### Exercise requirements
Search the records for the string "slanted" and copy every line where it turns up.

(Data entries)
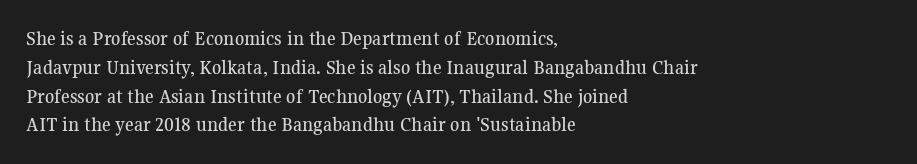
The image shows 21 px text type, upright; set left-aligned, normal line spacing (1.37x), normal letter spacing, not underlined.
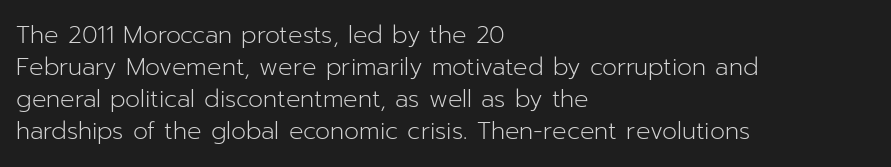
The strip under each line holds only bare page. You could call the tracking neutral — neither tight nor loose. Where is the straight margin? On the left. Upright lettering throughout. The weight tops out at a normal text grade.
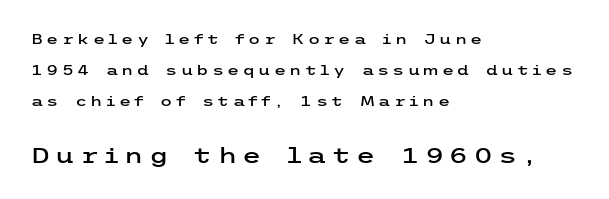
Q: Is the text italic (slanted)? A: No, it is upright.
Q: Is the text underlined? A: No.
Q: How is the paragraph aligned? A: Left-aligned.
Q: Is the spacing between letters normal or unusually wide? A: Unusually wide.
Q: Is the spacing between lines tight, normal or loose? A: Loose.
Q: Which block of text is set in a larger size, the first (top) or the second (bottom)? A: The second (bottom) one.
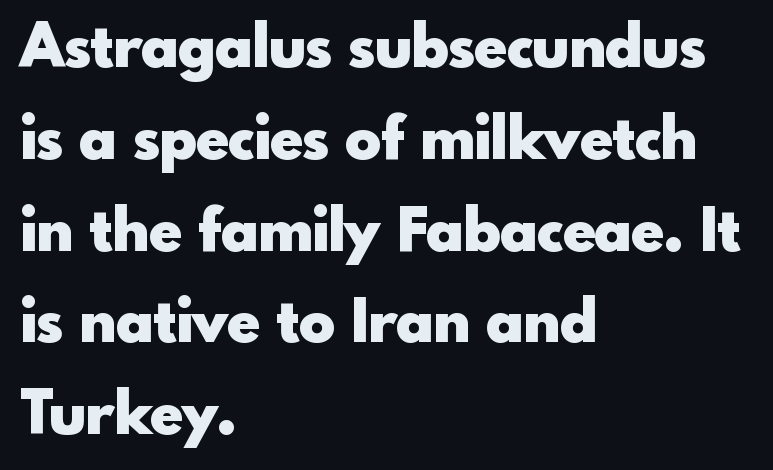
{"serif": "no", "italic": "no", "bold": "yes", "weight": "heavy", "width": "normal", "x_height": "small", "monospaced": "no", "underline": "no", "align": "left", "line_spacing": "normal", "line_spacing_ratio": 1.53, "letter_spacing": "normal", "letter_spacing_em": 0.0, "glyph_px": 60}
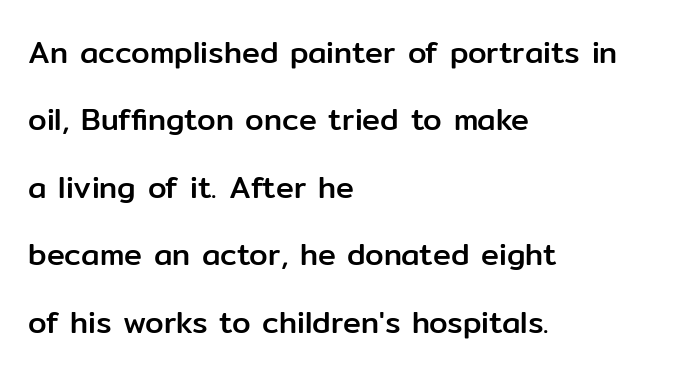
Each letter keeps its own natural width here, so spacing adapts to shape. The lettering holds an erect, upright posture throughout. Line beginnings align vertically; line endings do not. The strip under each line holds only bare page.
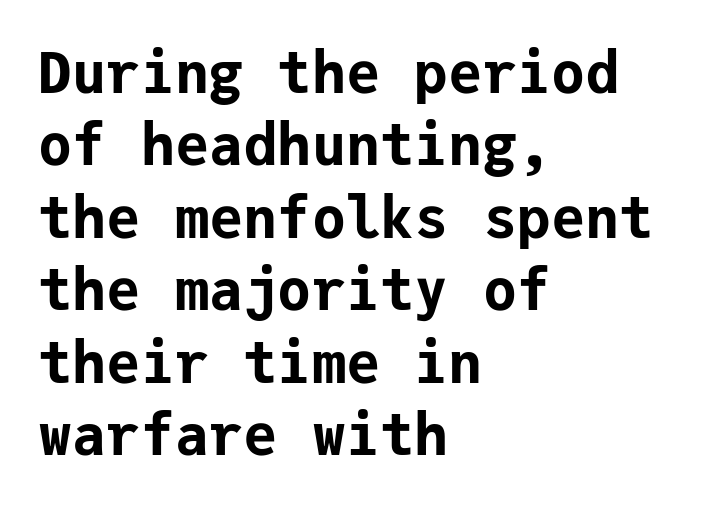
The image shows 57 px bold sans-serif type, upright, monospaced; set left-aligned, normal line spacing (1.27x), normal letter spacing, not underlined; low stroke contrast and a medium x-height.
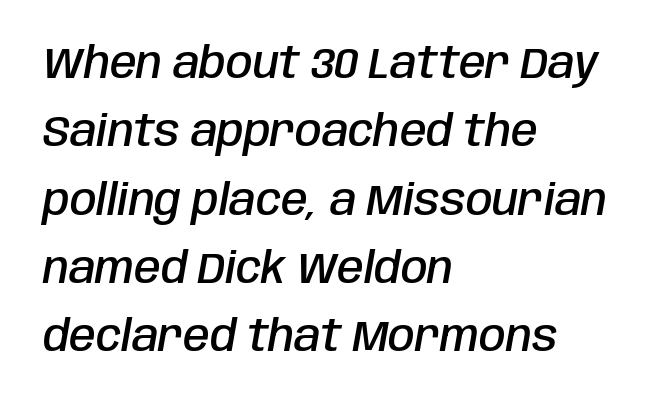
Q: Is the text bold? A: Semi-bold.
Q: Is the text italic (slanted)? A: Yes, it leans right by about 10 degrees.
Q: Is the text underlined? A: No.
Q: How is the paragraph aligned? A: Left-aligned.
Q: Is the spacing between letters normal or unusually wide? A: Normal.
Q: Is the spacing between lines tight, normal or loose? A: Normal.
Q: Width (condensed, normal, or wide)? A: Condensed.
Q: Stroke contrast? A: Low.
Q: x-height? A: Large.
Q: Monospaced? A: No.

### Task output
Q: Is the text italic (slanted)? A: No, it is upright.
Q: Is the text italic (slanted)? A: Yes, it leans right by about 10 degrees.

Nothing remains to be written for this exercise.